Your objective = Write out every line of the data below exactly as given.

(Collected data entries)
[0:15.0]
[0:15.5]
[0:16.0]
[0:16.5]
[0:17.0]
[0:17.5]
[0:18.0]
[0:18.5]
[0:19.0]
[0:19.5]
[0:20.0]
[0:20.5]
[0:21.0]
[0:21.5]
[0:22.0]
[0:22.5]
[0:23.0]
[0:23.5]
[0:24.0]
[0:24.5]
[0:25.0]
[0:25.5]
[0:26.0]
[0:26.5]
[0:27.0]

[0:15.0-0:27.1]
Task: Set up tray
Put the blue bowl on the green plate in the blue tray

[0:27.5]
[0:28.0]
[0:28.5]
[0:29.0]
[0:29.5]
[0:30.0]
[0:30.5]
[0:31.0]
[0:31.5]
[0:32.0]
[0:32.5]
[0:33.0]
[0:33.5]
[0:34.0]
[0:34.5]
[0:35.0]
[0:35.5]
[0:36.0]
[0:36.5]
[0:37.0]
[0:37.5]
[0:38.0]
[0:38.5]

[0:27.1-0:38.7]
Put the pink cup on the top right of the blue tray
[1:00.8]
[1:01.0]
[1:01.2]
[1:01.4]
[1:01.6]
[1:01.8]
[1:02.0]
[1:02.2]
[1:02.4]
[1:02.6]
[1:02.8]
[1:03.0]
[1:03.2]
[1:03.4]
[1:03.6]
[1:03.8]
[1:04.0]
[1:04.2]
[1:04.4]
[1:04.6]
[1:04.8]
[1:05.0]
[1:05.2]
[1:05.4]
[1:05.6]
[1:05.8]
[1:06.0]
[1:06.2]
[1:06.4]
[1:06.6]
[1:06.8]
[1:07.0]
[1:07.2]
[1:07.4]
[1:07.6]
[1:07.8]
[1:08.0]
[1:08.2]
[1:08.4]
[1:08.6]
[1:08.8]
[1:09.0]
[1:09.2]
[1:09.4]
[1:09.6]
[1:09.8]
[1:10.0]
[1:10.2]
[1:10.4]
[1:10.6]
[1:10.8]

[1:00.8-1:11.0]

Response to this exercise =
[0:15.0]
[0:15.5]
[0:16.0]
[0:16.5]
[0:17.0]
[0:17.5]
[0:18.0]
[0:18.5]
[0:19.0]
[0:19.5]
[0:20.0]
[0:20.5]
[0:21.0]
[0:21.5]
[0:22.0]
[0:22.5]
[0:23.0]
[0:23.5]
[0:24.0]
[0:24.5]
[0:25.0]
[0:25.5]
[0:26.0]
[0:26.5]
[0:27.0]

[0:15.0-0:27.1]
Task: Set up tray
Put the blue bowl on the green plate in the blue tray

[0:27.5]
[0:28.0]
[0:28.5]
[0:29.0]
[0:29.5]
[0:30.0]
[0:30.5]
[0:31.0]
[0:31.5]
[0:32.0]
[0:32.5]
[0:33.0]
[0:33.5]
[0:34.0]
[0:34.5]
[0:35.0]
[0:35.5]
[0:36.0]
[0:36.5]
[0:37.0]
[0:37.5]
[0:38.0]
[0:38.5]

[0:27.1-0:38.7]
Put the pink cup on the top right of the blue tray
[1:00.8]
[1:01.0]
[1:01.2]
[1:01.4]
[1:01.6]
[1:01.8]
[1:02.0]
[1:02.2]
[1:02.4]
[1:02.6]
[1:02.8]
[1:03.0]
[1:03.2]
[1:03.4]
[1:03.6]
[1:03.8]
[1:04.0]
[1:04.2]
[1:04.4]
[1:04.6]
[1:04.8]
[1:05.0]
[1:05.2]
[1:05.4]
[1:05.6]
[1:05.8]
[1:06.0]
[1:06.2]
[1:06.4]
[1:06.6]
[1:06.8]
[1:07.0]
[1:07.2]
[1:07.4]
[1:07.6]
[1:07.8]
[1:08.0]
[1:08.2]
[1:08.4]
[1:08.6]
[1:08.8]
[1:09.0]
[1:09.2]
[1:09.4]
[1:09.6]
[1:09.8]
[1:10.0]
[1:10.2]
[1:10.4]
[1:10.6]
[1:10.8]

[1:00.8-1:11.0]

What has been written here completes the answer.